Items from a dataset:
■ ■ ■ ■

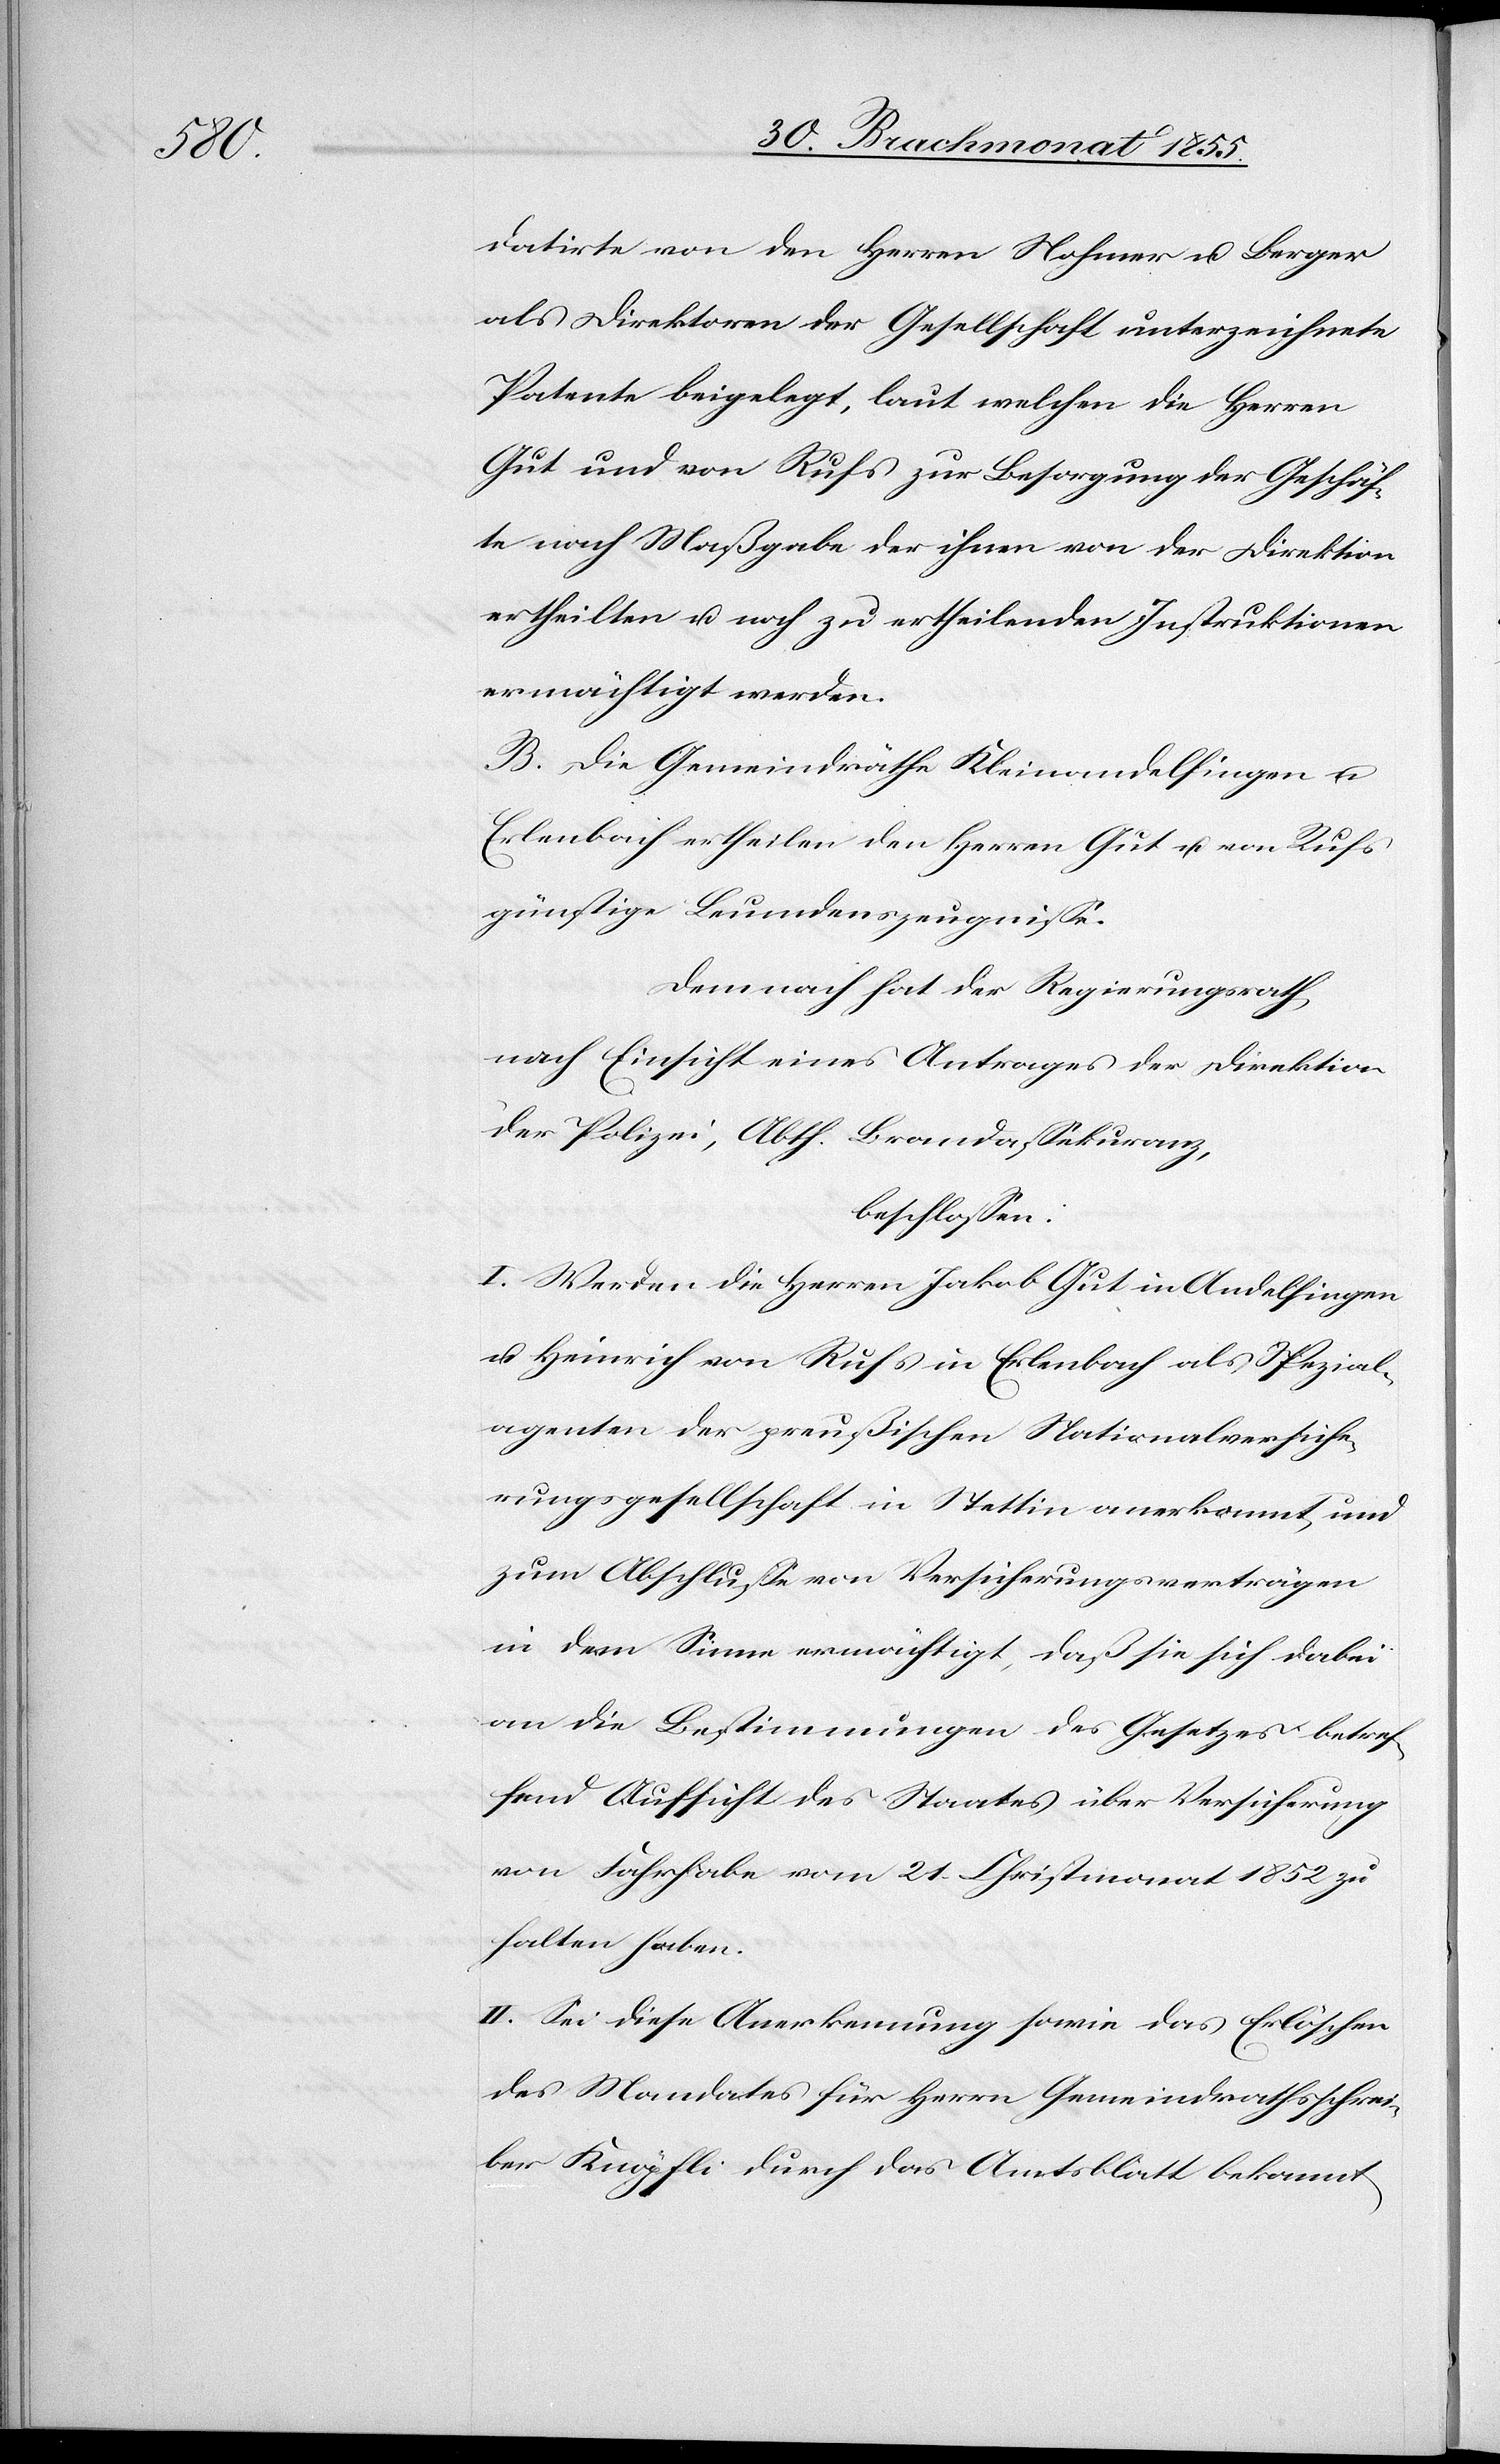
datirte von den Herren Nohmer u. Berger
als Direktoren der Gesellschaft unterzeichnete
Patente beigelegt, laut welchen die Herren
Gut und von Rufs zur Besorgung der Geschäf¬
te nach Maßgabe der ihnen von der Direktion
ertheilten u. noch zu ertheilenden Instruktionen
ermächtigt werden.
B. Die Gemeindräthe Kleinandelfingen u.
Erlenbach ertheilen den Herren Gut u. von Rufs
günstige Leumdenszeugnisse.
Demnach hat der Regierungsrath,
nach Einsicht eines Antrages der Direktion
der Polizei, Abth. Brandassekuranz,
beschlossen:
I. Werden die Herren Jakob Gut in Andelfingen
u. Heinrich von Rufs in Erlenbach als Spezial¬
agenten der preußischen Nationalversiche¬
rungsgesellschaft in Stettin anerkannt, und
zum Abschlusse von Versicherungsverträgen
in dem Sinne ermächtigt, daß sie sich dabei
an die Bestimmungen des Gesetzes betref¬
fend Aufsicht des Staates über Versicherung
von Fahrhabe vom 21. Christmonat 1852 zu
halten haben.
II. Sei diese Anerkennung sowie das Erlöschen
des Mandates für Herrn Gemeindrathsschrei¬
ber Knöpfli durch das Amtsblatt bekannt

■ ■ ■ ■

What is expected> Each line of the data above is to be output exactly; the pictures are not to appear.

Completed exercise>
datirte von den Herren Nohmer u. Berger
als Direktoren der Gesellschaft unterzeichnete
Patente beigelegt, laut welchen die Herren
Gut und von Rufs zur Besorgung der Geschäf¬
te nach Maßgabe der ihnen von der Direktion
ertheilten u. noch zu ertheilenden Instruktionen
ermächtigt werden.
B. Die Gemeindräthe Kleinandelfingen u.
Erlenbach ertheilen den Herren Gut u. von Rufs
günstige Leumdenszeugnisse.
Demnach hat der Regierungsrath,
nach Einsicht eines Antrages der Direktion
der Polizei, Abth. Brandassekuranz,
beschlossen:
I. Werden die Herren Jakob Gut in Andelfingen
u. Heinrich von Rufs in Erlenbach als Spezial¬
agenten der preußischen Nationalversiche¬
rungsgesellschaft in Stettin anerkannt, und
zum Abschlusse von Versicherungsverträgen
in dem Sinne ermächtigt, daß sie sich dabei
an die Bestimmungen des Gesetzes betref¬
fend Aufsicht des Staates über Versicherung
von Fahrhabe vom 21. Christmonat 1852 zu
halten haben.
II. Sei diese Anerkennung sowie das Erlöschen
des Mandates für Herrn Gemeindrathsschrei¬
ber Knöpfli durch das Amtsblatt bekannt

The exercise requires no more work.